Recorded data
========================
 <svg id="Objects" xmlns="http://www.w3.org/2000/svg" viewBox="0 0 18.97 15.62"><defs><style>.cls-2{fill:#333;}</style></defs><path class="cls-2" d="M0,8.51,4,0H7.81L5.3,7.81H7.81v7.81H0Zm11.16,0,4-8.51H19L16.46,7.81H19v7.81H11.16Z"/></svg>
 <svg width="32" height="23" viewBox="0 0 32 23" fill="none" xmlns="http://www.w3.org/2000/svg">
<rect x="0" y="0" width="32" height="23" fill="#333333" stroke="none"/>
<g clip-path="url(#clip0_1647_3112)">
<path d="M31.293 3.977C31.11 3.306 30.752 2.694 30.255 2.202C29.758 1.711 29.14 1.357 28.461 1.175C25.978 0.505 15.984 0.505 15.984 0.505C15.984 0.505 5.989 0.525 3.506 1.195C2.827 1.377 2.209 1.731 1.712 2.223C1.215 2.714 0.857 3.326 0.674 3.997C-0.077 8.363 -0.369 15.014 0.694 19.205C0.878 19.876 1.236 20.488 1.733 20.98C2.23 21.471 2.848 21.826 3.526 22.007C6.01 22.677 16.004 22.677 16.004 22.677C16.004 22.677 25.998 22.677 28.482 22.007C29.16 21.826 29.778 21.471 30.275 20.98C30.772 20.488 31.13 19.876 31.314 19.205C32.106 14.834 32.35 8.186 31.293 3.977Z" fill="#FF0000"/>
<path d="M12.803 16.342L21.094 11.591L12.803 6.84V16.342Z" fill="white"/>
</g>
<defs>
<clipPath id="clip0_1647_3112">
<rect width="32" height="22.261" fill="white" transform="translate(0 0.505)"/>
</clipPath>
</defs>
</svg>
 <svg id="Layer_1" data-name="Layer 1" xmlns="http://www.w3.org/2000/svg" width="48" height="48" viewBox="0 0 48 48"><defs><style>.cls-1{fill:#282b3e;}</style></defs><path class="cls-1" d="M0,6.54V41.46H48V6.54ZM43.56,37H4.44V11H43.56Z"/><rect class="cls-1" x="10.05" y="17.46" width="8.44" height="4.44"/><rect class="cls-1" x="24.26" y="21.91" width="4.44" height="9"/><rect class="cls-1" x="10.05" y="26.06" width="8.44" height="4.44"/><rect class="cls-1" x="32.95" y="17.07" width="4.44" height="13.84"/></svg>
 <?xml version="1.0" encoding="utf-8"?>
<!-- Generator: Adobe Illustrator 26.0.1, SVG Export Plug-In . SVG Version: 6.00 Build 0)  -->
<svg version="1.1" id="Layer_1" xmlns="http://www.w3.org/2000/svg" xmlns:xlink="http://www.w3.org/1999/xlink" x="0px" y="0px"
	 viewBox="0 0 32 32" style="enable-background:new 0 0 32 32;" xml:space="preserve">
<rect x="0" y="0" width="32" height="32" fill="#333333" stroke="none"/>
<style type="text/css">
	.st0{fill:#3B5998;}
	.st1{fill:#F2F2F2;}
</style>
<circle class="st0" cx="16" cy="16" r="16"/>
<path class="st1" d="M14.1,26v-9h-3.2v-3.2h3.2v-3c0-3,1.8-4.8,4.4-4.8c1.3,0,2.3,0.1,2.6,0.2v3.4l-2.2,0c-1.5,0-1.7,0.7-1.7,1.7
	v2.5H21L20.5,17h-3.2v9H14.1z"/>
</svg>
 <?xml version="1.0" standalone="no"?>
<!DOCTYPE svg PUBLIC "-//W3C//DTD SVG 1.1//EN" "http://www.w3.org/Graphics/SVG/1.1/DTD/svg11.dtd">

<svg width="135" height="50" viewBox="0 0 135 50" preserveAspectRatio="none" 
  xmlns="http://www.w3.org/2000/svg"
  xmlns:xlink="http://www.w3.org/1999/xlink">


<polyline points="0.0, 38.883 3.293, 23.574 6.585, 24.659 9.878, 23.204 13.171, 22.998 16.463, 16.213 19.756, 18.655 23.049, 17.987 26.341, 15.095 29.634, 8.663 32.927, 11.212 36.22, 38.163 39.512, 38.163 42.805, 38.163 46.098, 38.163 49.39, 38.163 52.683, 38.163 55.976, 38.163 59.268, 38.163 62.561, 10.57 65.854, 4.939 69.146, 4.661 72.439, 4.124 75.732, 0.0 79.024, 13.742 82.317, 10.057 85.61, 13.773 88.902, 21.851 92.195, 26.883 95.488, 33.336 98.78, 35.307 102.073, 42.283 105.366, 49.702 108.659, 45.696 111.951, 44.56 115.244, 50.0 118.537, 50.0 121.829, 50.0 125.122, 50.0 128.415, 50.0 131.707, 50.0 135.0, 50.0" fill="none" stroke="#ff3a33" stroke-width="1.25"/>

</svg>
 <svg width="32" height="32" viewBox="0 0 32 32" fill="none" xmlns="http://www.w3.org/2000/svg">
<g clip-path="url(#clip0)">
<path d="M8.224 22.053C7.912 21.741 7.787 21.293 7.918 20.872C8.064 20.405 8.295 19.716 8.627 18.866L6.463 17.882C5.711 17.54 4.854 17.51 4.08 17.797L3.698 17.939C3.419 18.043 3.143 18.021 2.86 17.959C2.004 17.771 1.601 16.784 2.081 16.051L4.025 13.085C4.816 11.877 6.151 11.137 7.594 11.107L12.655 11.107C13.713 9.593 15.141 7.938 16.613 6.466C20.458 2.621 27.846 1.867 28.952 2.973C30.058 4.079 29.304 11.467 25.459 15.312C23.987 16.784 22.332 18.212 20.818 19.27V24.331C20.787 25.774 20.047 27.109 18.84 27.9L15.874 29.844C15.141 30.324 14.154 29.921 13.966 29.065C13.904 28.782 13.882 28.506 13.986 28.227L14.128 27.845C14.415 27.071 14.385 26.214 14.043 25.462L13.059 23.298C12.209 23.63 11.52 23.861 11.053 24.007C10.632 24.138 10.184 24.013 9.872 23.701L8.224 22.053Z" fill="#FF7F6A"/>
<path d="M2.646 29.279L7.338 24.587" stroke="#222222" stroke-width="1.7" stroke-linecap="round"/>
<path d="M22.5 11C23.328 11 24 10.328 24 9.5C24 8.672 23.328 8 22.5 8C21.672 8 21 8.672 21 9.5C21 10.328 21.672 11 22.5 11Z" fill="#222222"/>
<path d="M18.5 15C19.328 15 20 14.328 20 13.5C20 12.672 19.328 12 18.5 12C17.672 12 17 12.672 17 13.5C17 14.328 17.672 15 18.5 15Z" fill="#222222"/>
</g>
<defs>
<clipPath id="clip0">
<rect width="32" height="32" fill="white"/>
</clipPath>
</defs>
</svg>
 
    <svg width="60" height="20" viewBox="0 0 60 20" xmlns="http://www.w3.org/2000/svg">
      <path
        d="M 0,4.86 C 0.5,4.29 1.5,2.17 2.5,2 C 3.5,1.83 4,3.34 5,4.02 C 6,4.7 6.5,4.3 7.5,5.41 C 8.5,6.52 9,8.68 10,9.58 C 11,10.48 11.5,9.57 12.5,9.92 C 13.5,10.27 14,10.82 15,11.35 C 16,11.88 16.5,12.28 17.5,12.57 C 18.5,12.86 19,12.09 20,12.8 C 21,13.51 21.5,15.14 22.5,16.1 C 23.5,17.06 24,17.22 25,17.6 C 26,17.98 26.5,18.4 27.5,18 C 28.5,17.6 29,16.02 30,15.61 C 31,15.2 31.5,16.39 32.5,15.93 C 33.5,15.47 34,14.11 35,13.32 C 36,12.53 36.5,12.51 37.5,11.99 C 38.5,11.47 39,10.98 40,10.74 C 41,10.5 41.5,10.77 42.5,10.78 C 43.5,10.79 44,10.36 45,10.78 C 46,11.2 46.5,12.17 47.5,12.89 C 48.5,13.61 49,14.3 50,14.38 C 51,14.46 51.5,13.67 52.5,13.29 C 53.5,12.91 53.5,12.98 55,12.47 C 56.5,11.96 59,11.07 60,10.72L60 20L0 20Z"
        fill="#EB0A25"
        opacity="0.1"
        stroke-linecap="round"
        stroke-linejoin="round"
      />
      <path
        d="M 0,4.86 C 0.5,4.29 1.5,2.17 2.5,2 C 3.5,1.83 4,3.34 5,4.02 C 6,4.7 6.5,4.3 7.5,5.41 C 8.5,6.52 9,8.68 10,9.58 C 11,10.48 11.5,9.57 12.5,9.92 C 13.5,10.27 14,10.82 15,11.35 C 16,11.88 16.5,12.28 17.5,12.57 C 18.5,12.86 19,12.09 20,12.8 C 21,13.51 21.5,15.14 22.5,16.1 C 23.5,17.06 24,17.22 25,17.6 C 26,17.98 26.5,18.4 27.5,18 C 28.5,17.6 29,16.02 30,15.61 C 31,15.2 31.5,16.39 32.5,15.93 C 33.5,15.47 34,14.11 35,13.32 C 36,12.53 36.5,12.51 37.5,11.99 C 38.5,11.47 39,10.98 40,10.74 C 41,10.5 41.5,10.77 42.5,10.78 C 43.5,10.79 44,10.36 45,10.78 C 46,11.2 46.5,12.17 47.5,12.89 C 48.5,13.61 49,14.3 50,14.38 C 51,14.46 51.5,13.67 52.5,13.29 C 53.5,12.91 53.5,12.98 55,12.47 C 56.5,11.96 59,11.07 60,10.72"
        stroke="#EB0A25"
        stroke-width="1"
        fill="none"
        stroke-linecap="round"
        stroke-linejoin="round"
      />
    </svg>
========================
What you should do →
For every line in the records above that holds "rect", add one, and report the sum alone.

Completed task →
5